El doctor Borel volvió a entrar en la habitación del enfermo.
-Vamos a ver, ¿están ustedes contentos?
-¡Oh sí, muy contentos! -contestó Santiago.
Francisca apretaba silenciosamente la mano del médico.
-¿Entonces -dijo Pedro, -me puedo ir absolutamente tranquilo?
-¡El diablo le lleve!
-Doctor...
El médico se encogió de hombros.
-Mi maestro me decía hace un momento que le aconsejara a usted. ¿Para qué? A los malos no se le dan razones.
Le he repetido a usted veinte veces la misma cantilena. Fastidia, da grima ver a un hombre juicioso como usted arriesgar su vida en esta aventura sangrienta. Soy muy franco, ya lo sabe usted, y creo que haría usted obra santa abandonando a esa gentuza... Le pesará, Rosny, le pesará; acuérdese de lo que le digo. Si escapa usted de las balas, no eludirá los peligros de la derrota. Y será algo terrible. Ya sé que predico en el desierto; les conozco a los tres perfectamente: escuchan con mucha política los consejos que se les da, y luego hacen solamente su capricho.
-Pero el deber, doctor...
-El deber es trabajar para su mujer y cuidar a su hijo. Ya no me escucha usted. ¡Ah, testarudo! Hasta mañana, Santiago.
-Hasta mañana, señor Borel.
Pedro acompañó al médico hasta la escalera y volvió en seguida. El marido y la mujer volvieron a hablarse a solas. Francisca estaba muy pensativa. Las palabras del doctor Borel resonaban fatídicamente en su oído. Tomó un libro de encima de la chimenea y se lo dio a Santiago.
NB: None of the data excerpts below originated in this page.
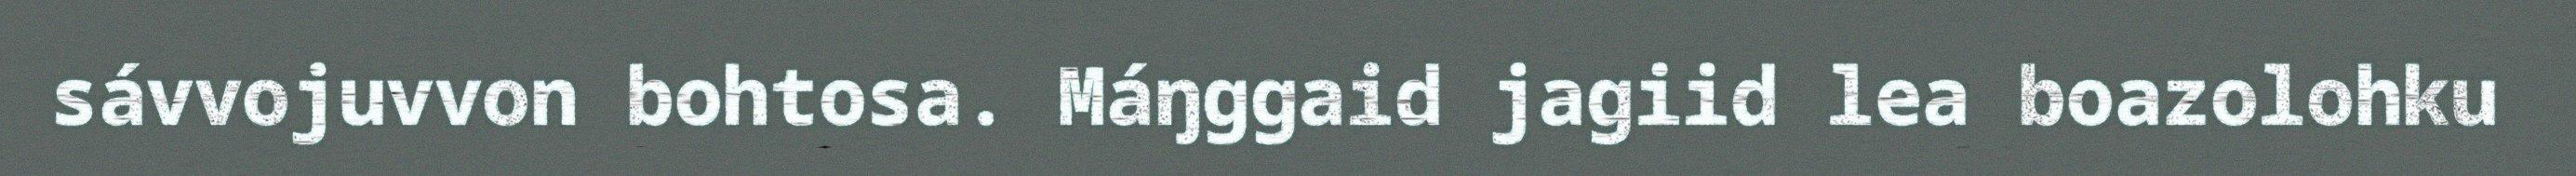
sávvojuvvon bohtosa. Máŋggaid jagiid lea boazolohku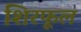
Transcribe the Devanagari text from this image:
शिरफूल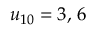
u _ { 1 0 } = 3 , \, 6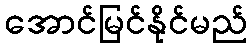
အောင်မြင်နိုင်မည်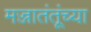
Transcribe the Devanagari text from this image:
मज्जातंतूंच्या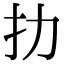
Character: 扐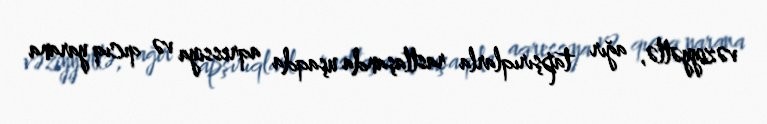
vəziyyətlə, ağır tapşırıqlarla rastlaşanda uşaqda aqressiya və qıcıq yarana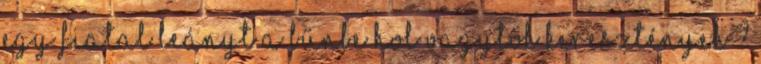
egy fiatal leányt a bűnbe HOL VAGYTOK KERESZTÉNYEK ?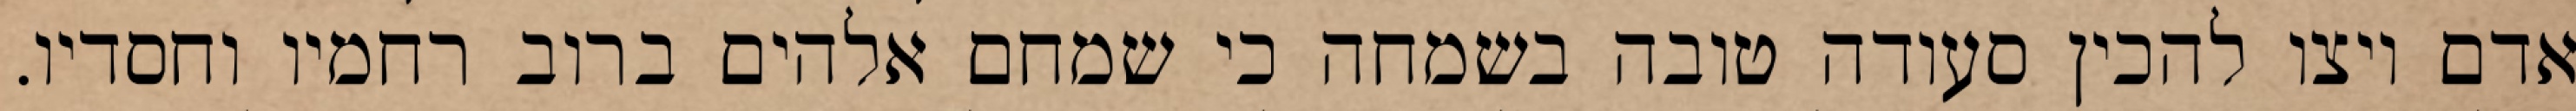
אדם ויצו להכין סעודה טובה בשמחה כי שמחם אלהים ברוב רחמיו וחסדיו.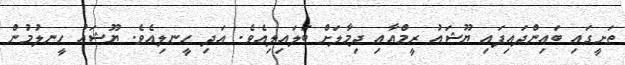
ތަށީގައި ބައިންދައިފައި ޔޫޝައު ރީމްއާއި ދިމާލަށް ބަލައިލިއެވެ. އަދި ހީނލިއެވެ. ޔޫޝައު ހީނލުމުން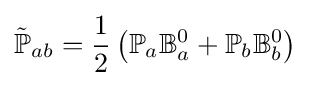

-Toma, querido. Es el libro que la señorita Aurelia ha traído para ti mientras estabas durmiendo. Voy cinco minutos con tu padre a mi cuarto y vuelvo.
-Gracias, mamá.
El matrimonio salió.
-El señor Borel tiene quizá razón -dijo ella con su voz breve y remisa. -¿Por qué has de volver a batirte?
-Francisca...
-No intentaré impedírtelo. Tú pretendes que es tu deber, y sabes que yo soy valiente. Todos esos temores del doctor hace tiempo que yo los comparto. Si sólo fueran las balas y la metralla, de eso se puede escapar, pero luego, ¿y lo demás?...
Sintió un escalofrío, y la energía de su mirada se apagó lentamente bajo el esfuerzo de un pensamiento oculto.
-Cálmate, querida.
-Estoy tranquila; pero tiene razón. Ellos como nosotros son feroces. Esto ya no es la guerra. En Versailles, se me ha dicho que fusilan a los prisioneros. Y aquí nosotros hacemos otro tanto. Tú no, ya lo sé; eres bueno, puesto que eres valiente, pero ¿y si te fusilaran?.
Pedro la abrazó estrechamente, riéndose y esforzándose en disipar las ideas lúgubres de su mujer.